**Task item**
Will you write out, word for word, every line from the one with "Fluid column height: 28.5 cm" to the final line of the data below, with the pictures left out?

[Saved entries]

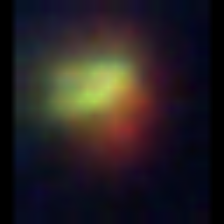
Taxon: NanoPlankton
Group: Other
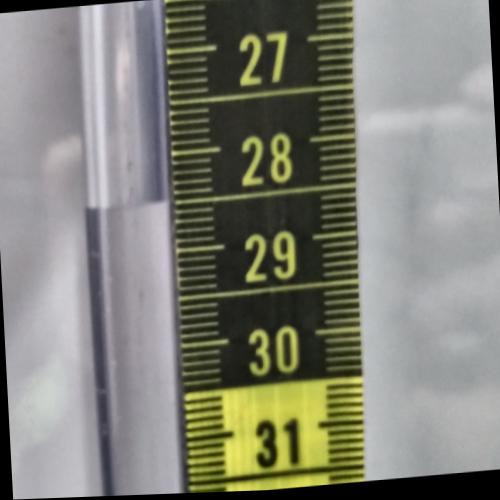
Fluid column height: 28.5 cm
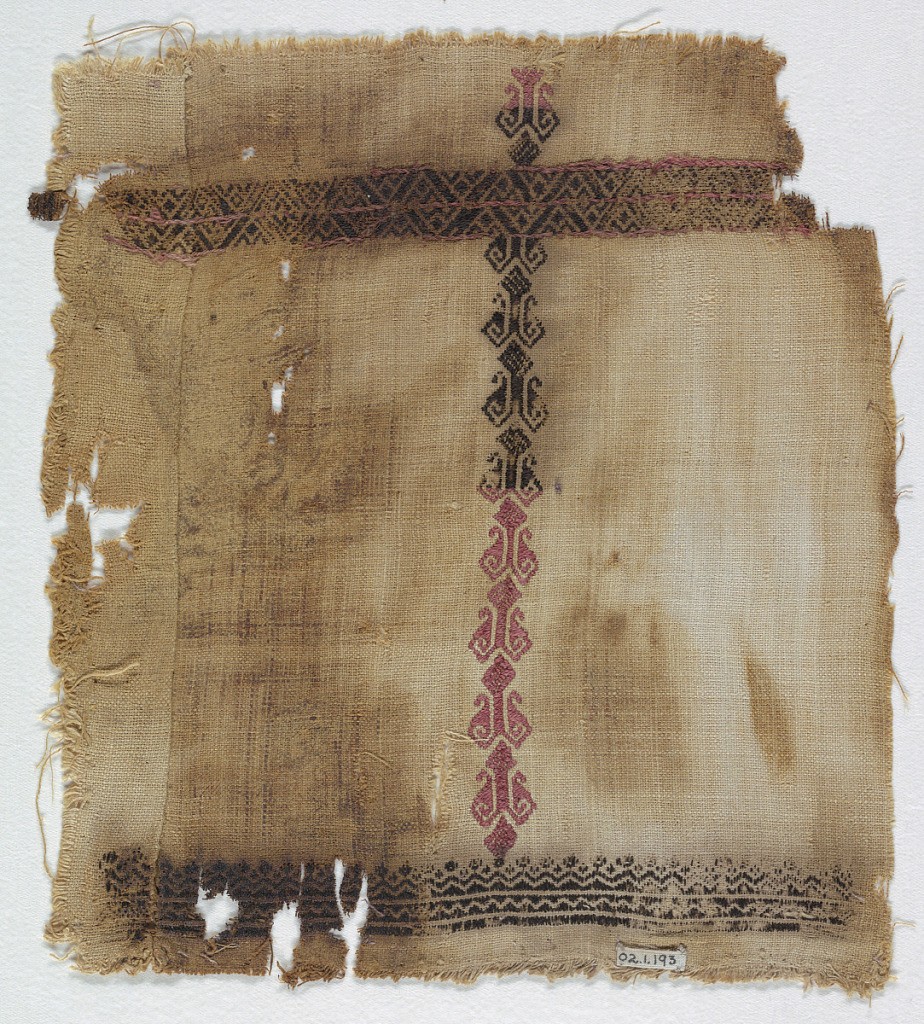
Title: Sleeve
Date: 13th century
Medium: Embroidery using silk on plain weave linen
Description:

**Written reply**
Fluid column height: 28.5 cm
Title: Sleeve
Date: 13th century
Medium: Embroidery using silk on plain weave linen
Description:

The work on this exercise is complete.